Hace unos años estuve en Egipto haciendo turismo. En mi grupo familiar éramos cinco mujeres y el que suscribe. Nuestro guía se refería a nosotros, con mucha sorna, diciendo: «El grupo de Román y sus mujeres…». El viaje fue plácido, instructivo y pródigo en fotografías.

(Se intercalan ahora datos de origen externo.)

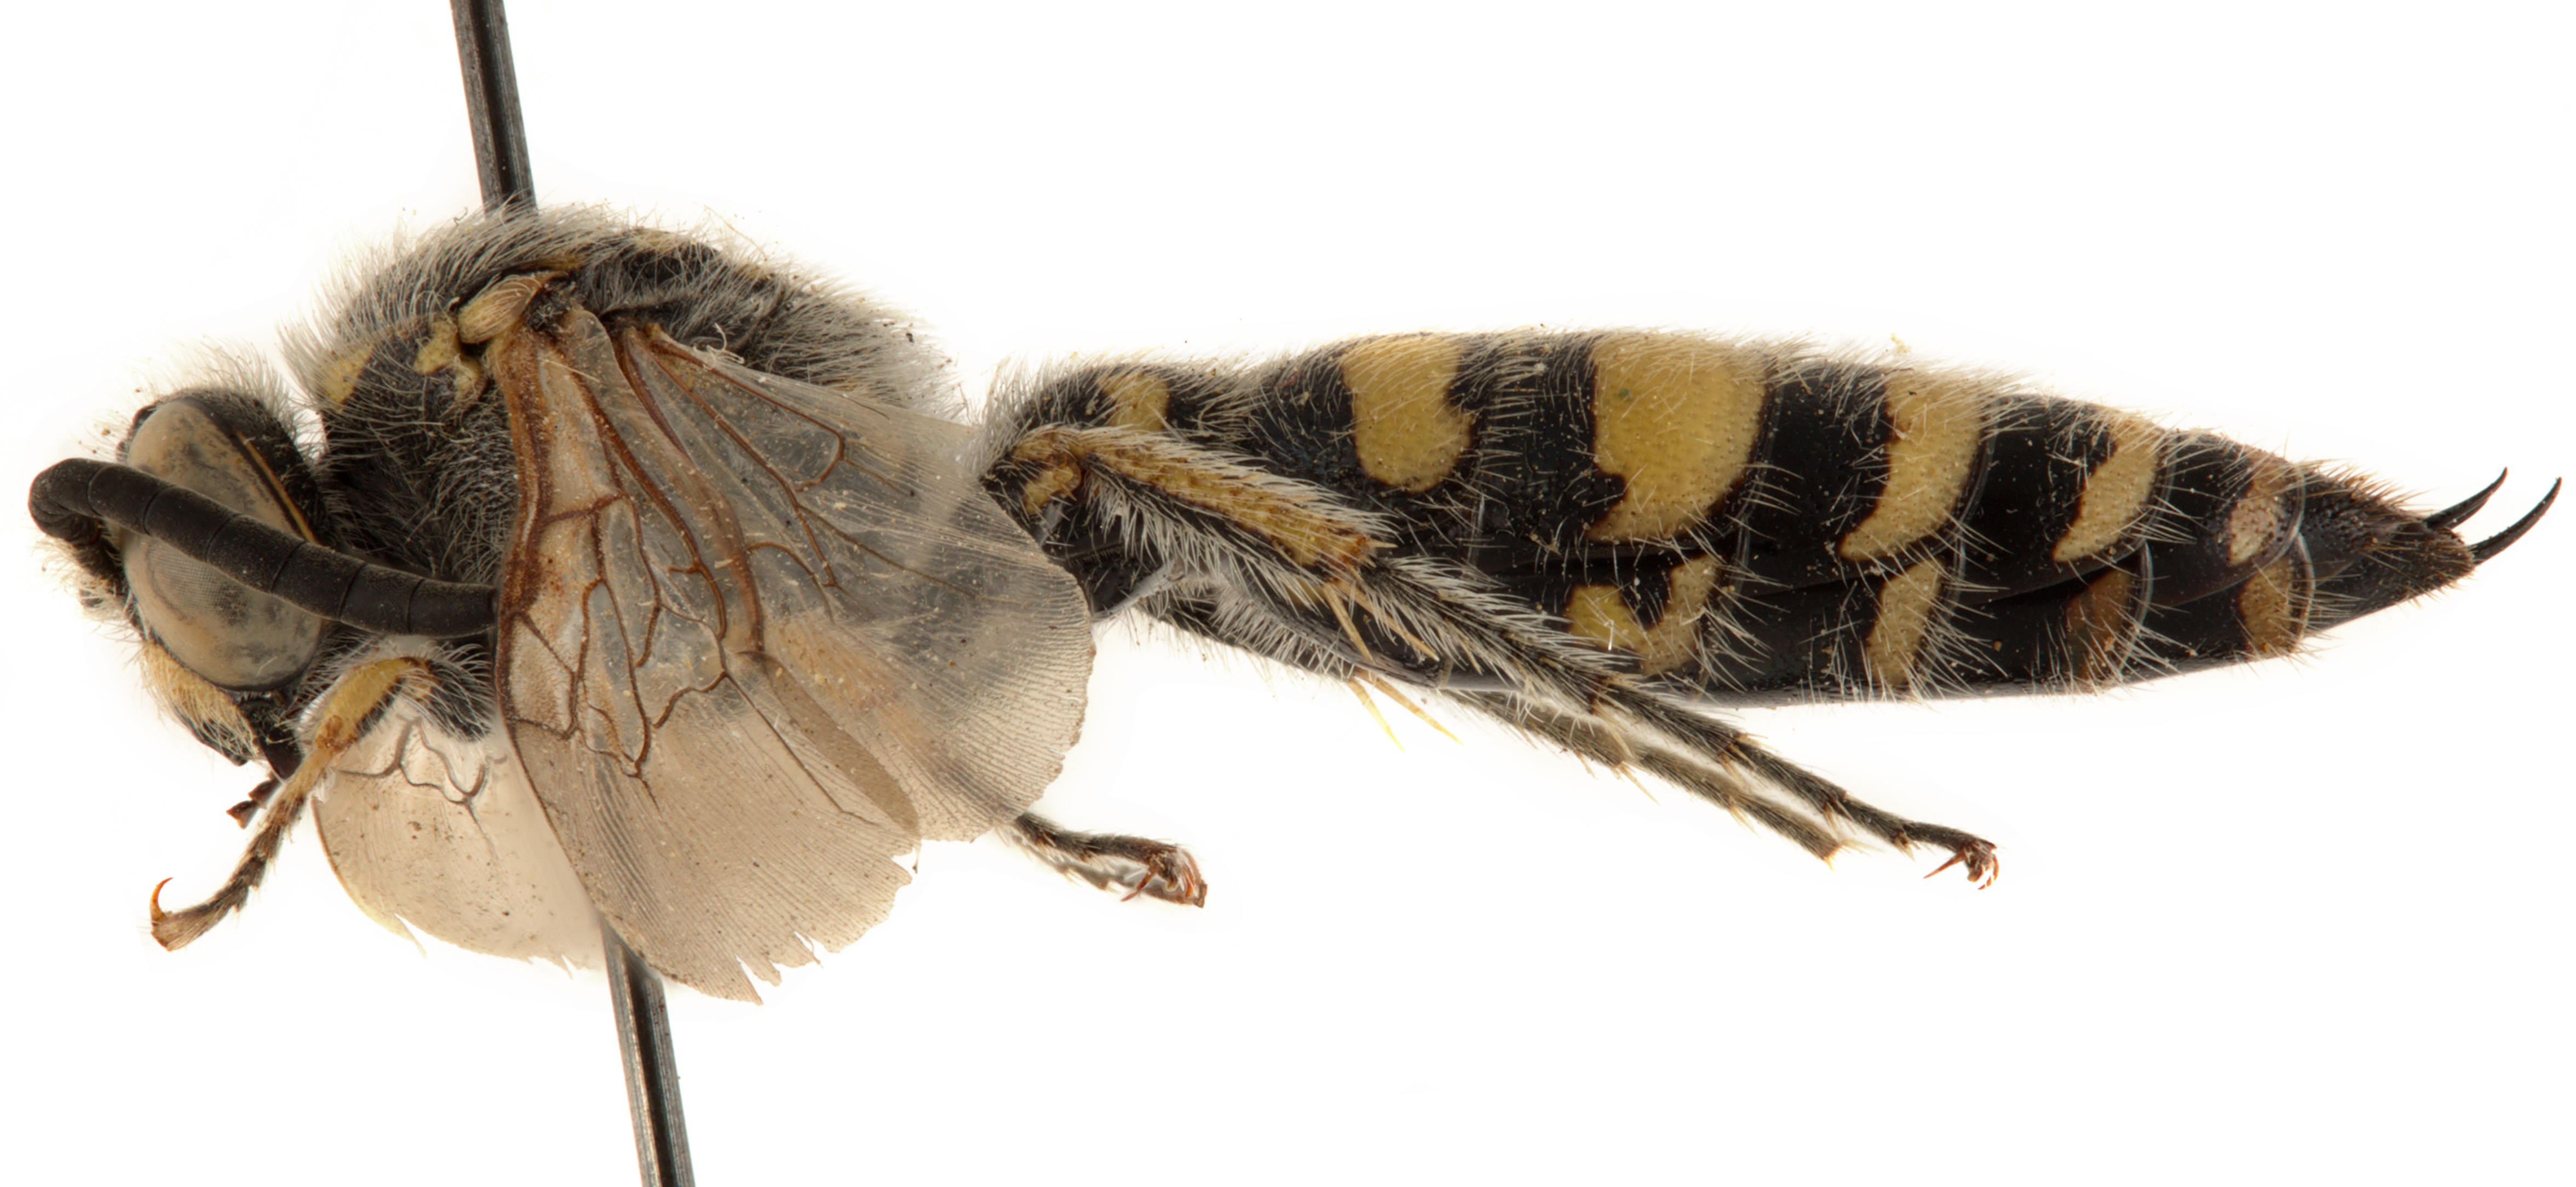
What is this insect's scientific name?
Colpa interrupta

Ordenando archivos me encontré esta foto que tiene su anécdota. Está hecha en la planicie de Giza, lejos de las pirámides y en pleno desierto. Sin encomendarme ni a Dios ni al diablo alquilé un camello y con un oriundo me adentré entre las arenas y las rocas. Ni un alma. En esto apareció, dibujándose desde la lejanía, un policía turístico a lomos de su camello y, al rato, pasó por delante de mi. Llamé su atención por señas indicándole que quería hacerle una foto. También por gestos me contestó que «ni de coña». Siguió su camino y, al punto, regresó pasando -solemne y pausado, en forma literal- por delante de mi y sin mirarme en ningún momento. Su intención era clara: Anda, sácame unas fotos y regresa pronto con la manada… Buena gente la hay en todos los sitios.

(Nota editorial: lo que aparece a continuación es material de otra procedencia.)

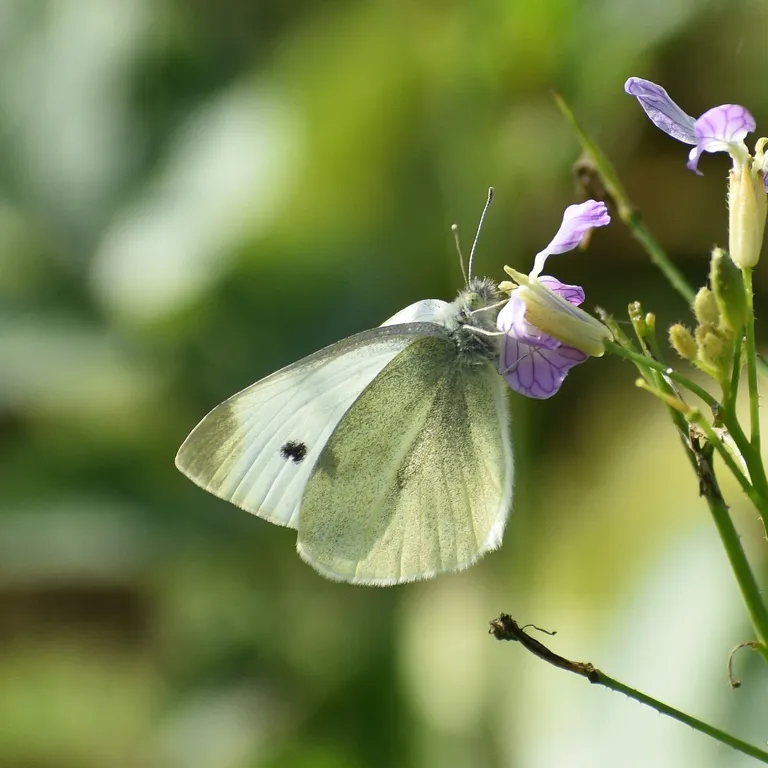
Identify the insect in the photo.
Pieris rapae
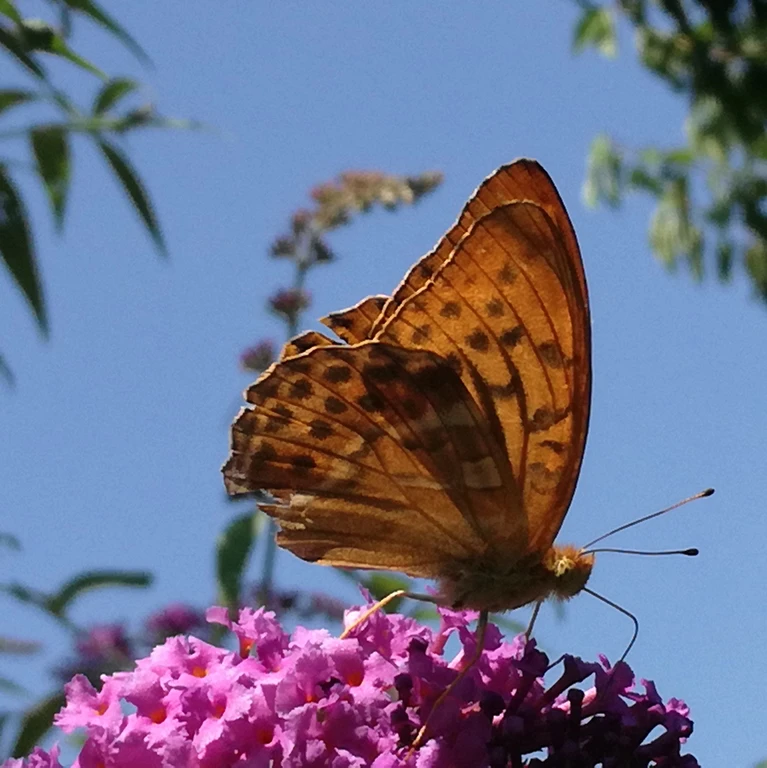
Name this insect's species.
Argynnis paphia

Mi regreso al grupo fue literalmente apoteósico. Mi mujer desesperada y el guía con un ataque de nervios (creo recordar que en aquellos momentos se dirigía a la policía). Al parecer lo que hice no se debía hacer a no ser que quisiese tener problemas variopintos y serios. Me cayó una bronca-chorreo monumental de unos y otros, pero la experiencia y las fotos merecieron la pena.


Me quedé con los deseos de ver una foto de «tus mujeres»…
Esto era como el chiste del que expulsaron del colegio religioso por «adelantado» en el rezo del Ave María… Cuando todos estaban en el «bendita tu eres», él estaba ya «entre todas las mujeres». Un abrazo.